Pada akhirnya, titik pandang dia tertuju ke satu arah. Yeah, ke arahku, tepat sekali. Sepertinya dia sedang memastikan sesuatu yang dilihatnya. Aku pun melambaikan tangan dan dia terbelalak. Ku ulurkan jari telunjuk kanan lalu mengarahkan padanya setelah itu kuberi kode kalau dia akan mati dengan cara menggunakan ibu jariku sebagai pisau kemudian mendekatkan pada leher dan menggerakkannya ke arah kanan.

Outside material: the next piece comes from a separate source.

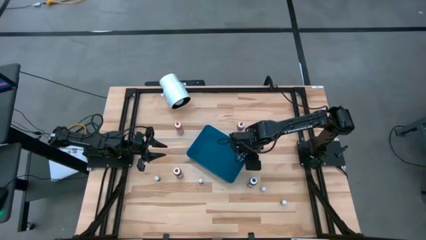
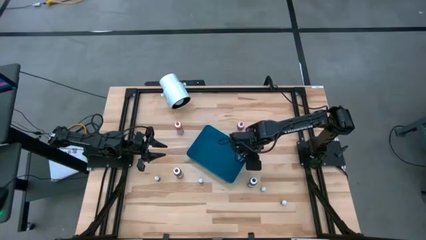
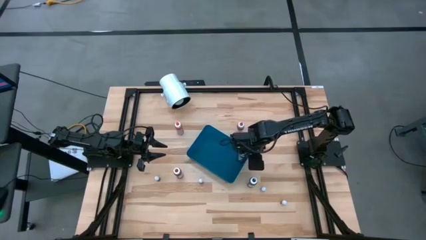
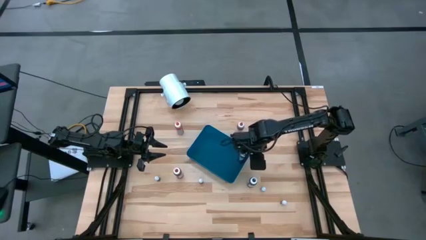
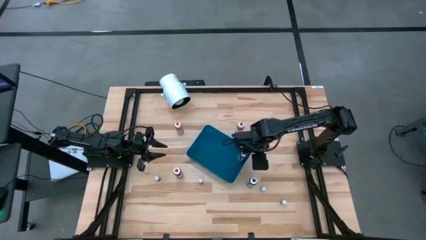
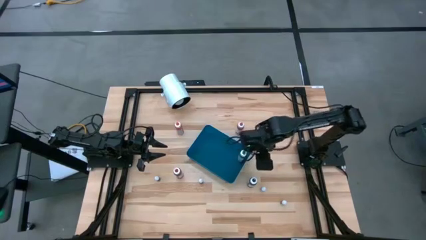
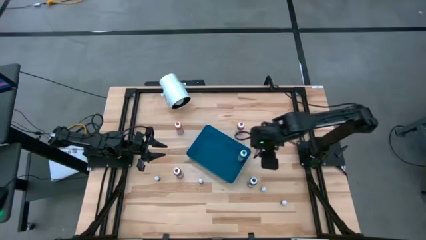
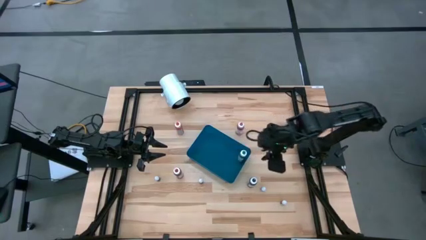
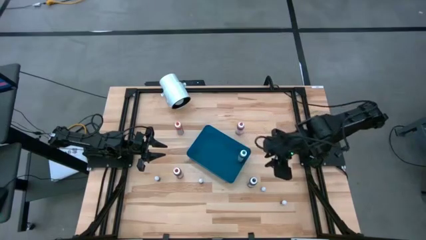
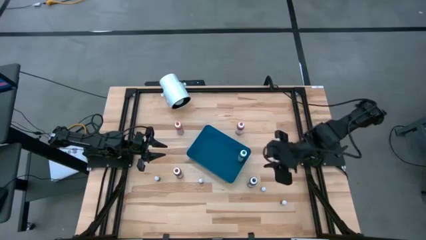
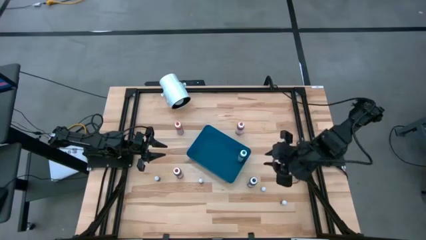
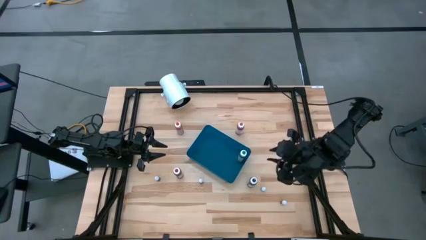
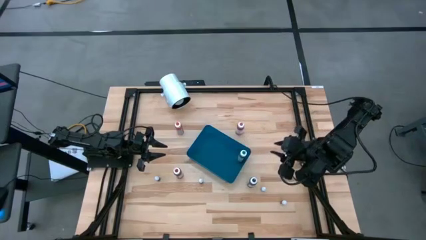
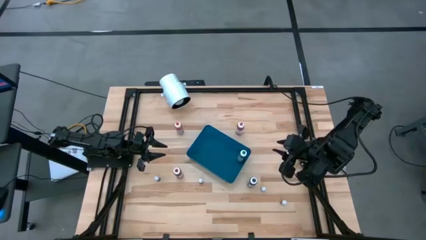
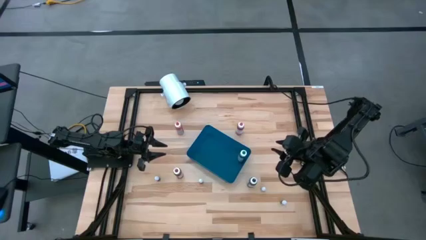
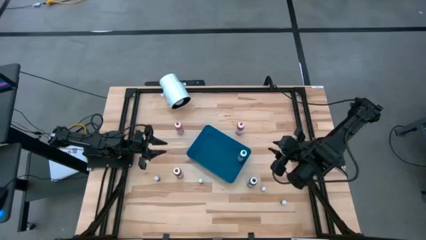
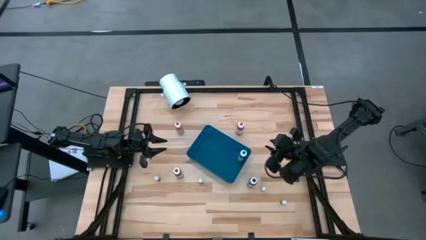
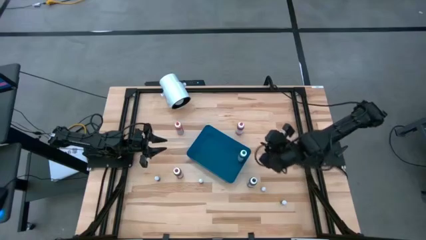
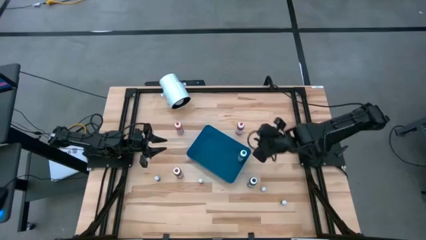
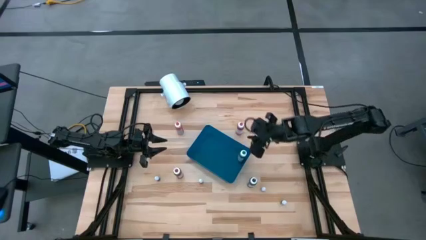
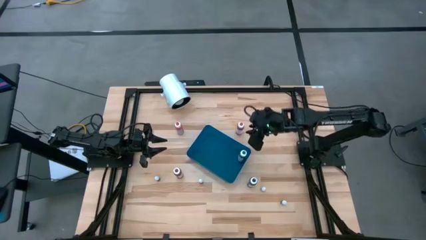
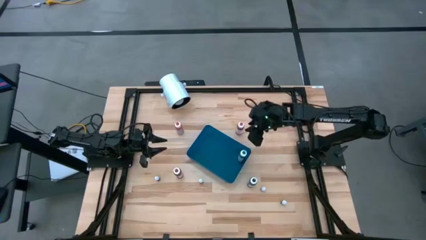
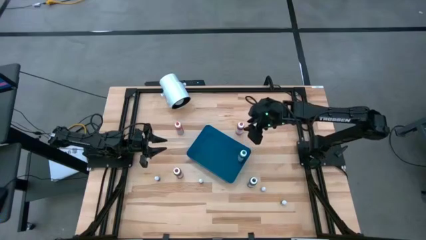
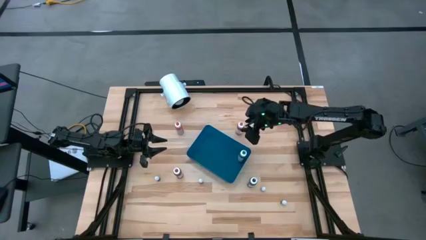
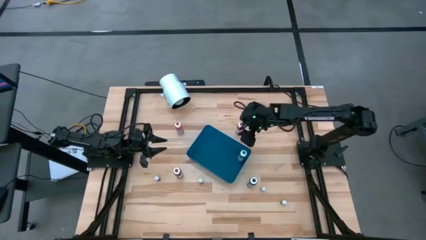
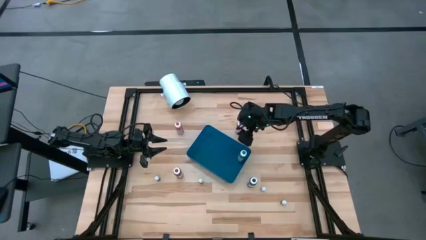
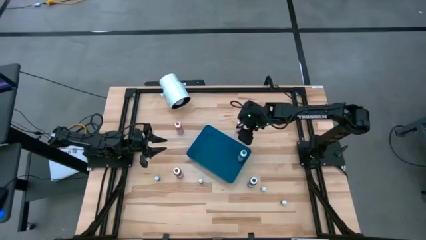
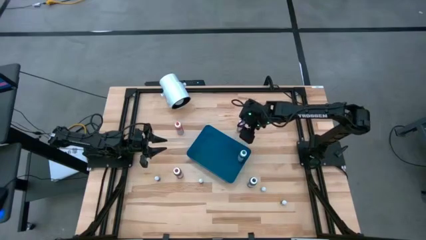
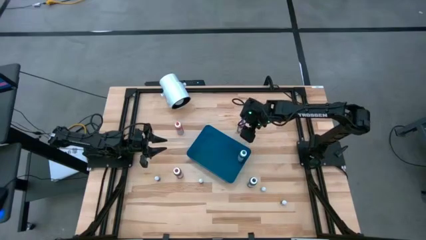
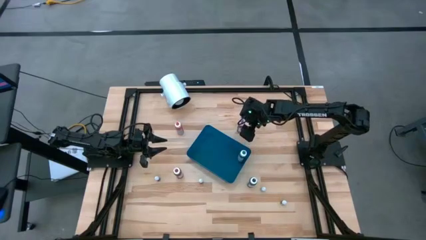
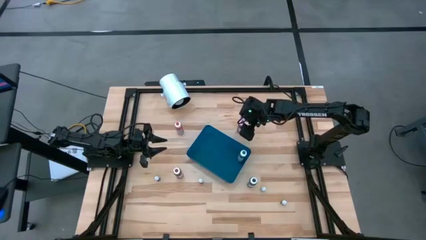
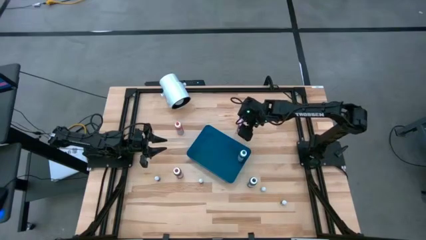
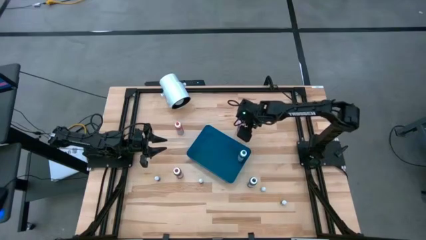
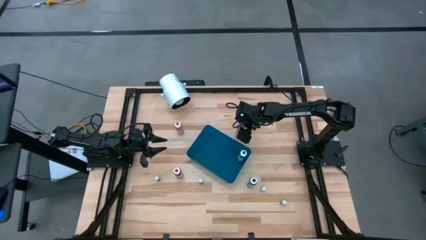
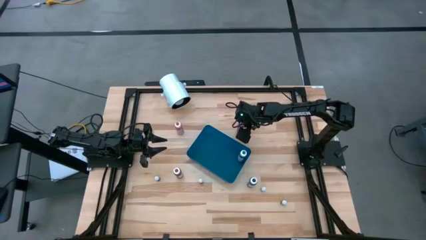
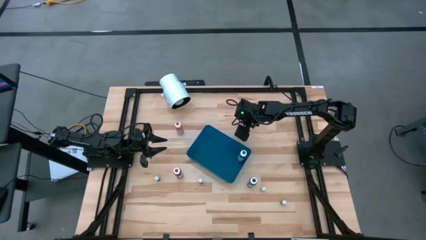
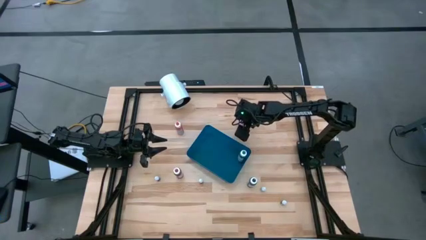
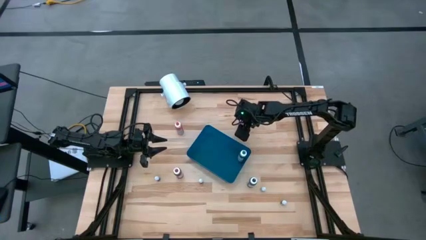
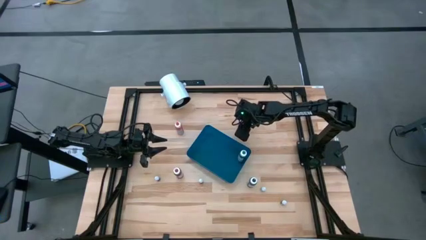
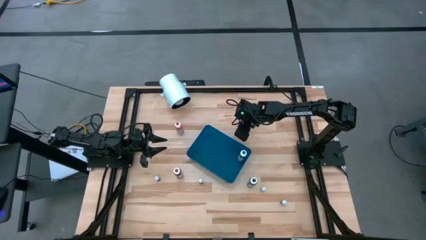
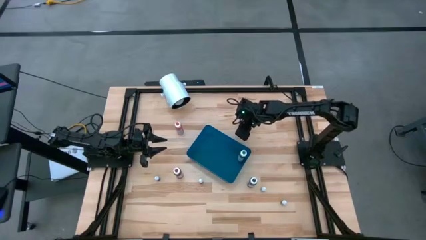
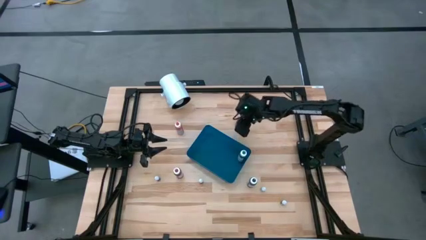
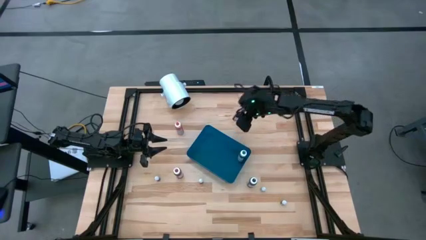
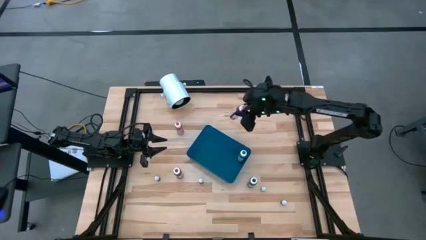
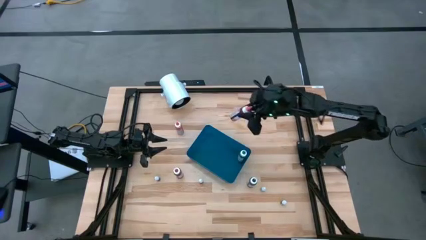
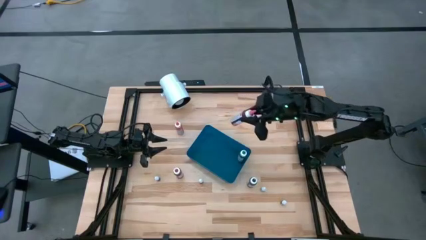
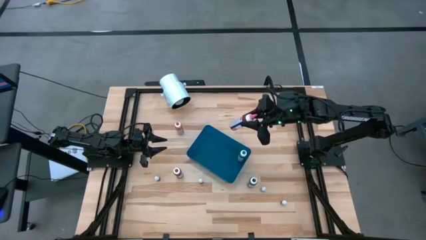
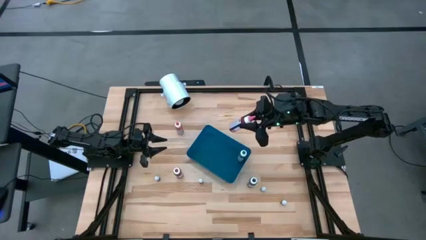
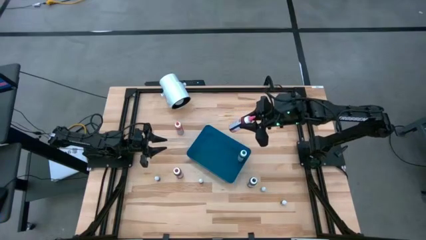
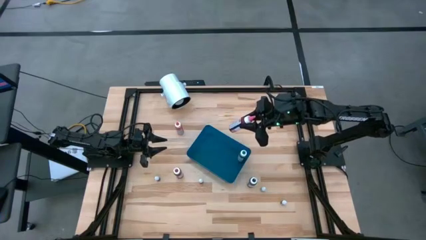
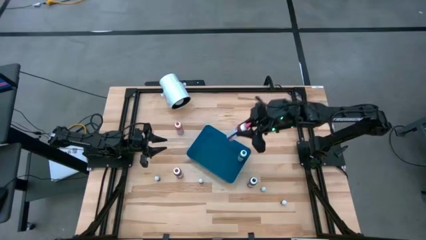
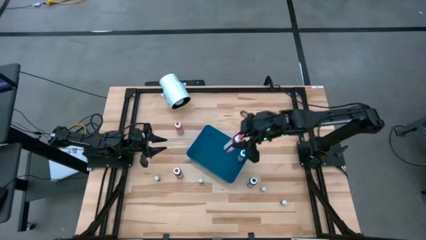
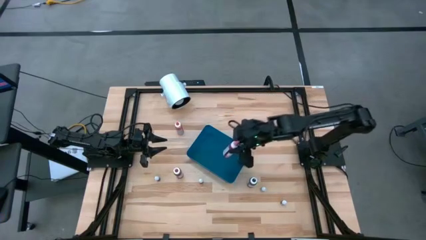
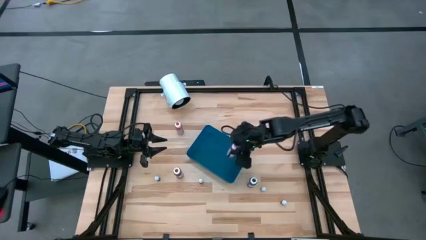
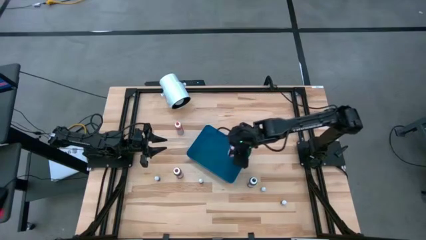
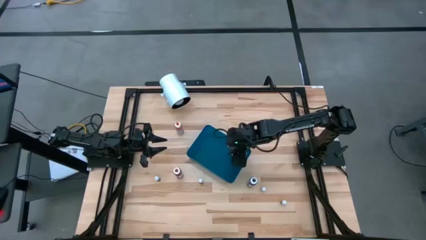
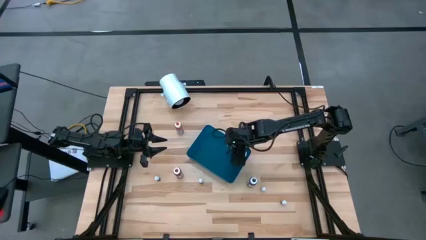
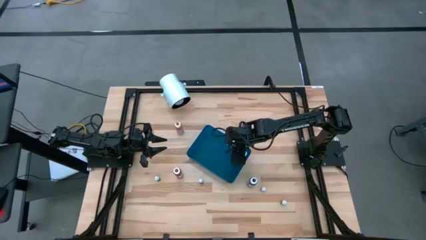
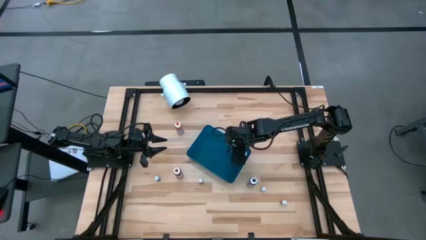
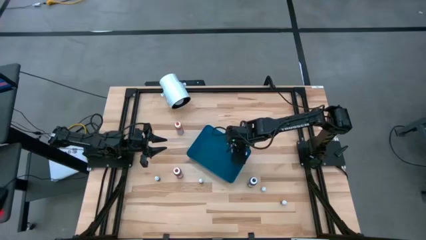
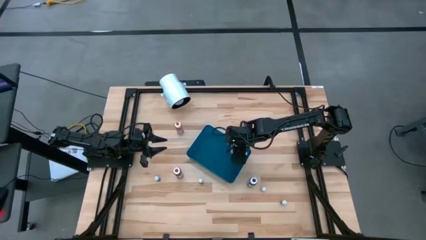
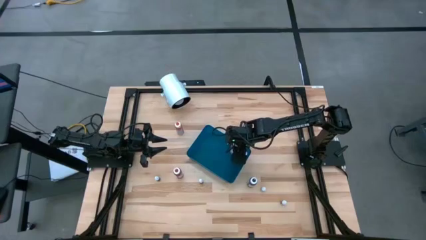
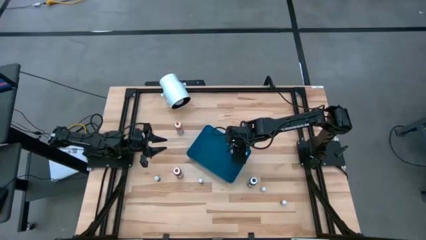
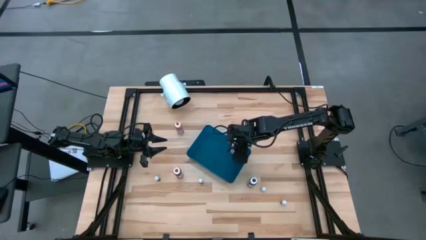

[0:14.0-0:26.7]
Task: Pick & Place food coloring
Put the big pink food coloring bottle into the blue bin

Disaat itu juga dia panik bergegas menutup jendela sekaligus gordennya. Melihatnya demikian membuatku ingin tertawa lepas. Sungguh tadi itu lucu. Tidak kusangka, seorang pemuda bernama Jung Hoseok yang cukup terkenal karena kepiawaiannya dalam bermain basket ternyata adalah orang yang penakut. Haha.

Lagipula mana ada yang mau membunuh pemuda tampan sepertinya, huh? Jika pembunuhnya adalah aku, tak akan kulakukan meski tertanam dendamku dalam dirinya sekalipun.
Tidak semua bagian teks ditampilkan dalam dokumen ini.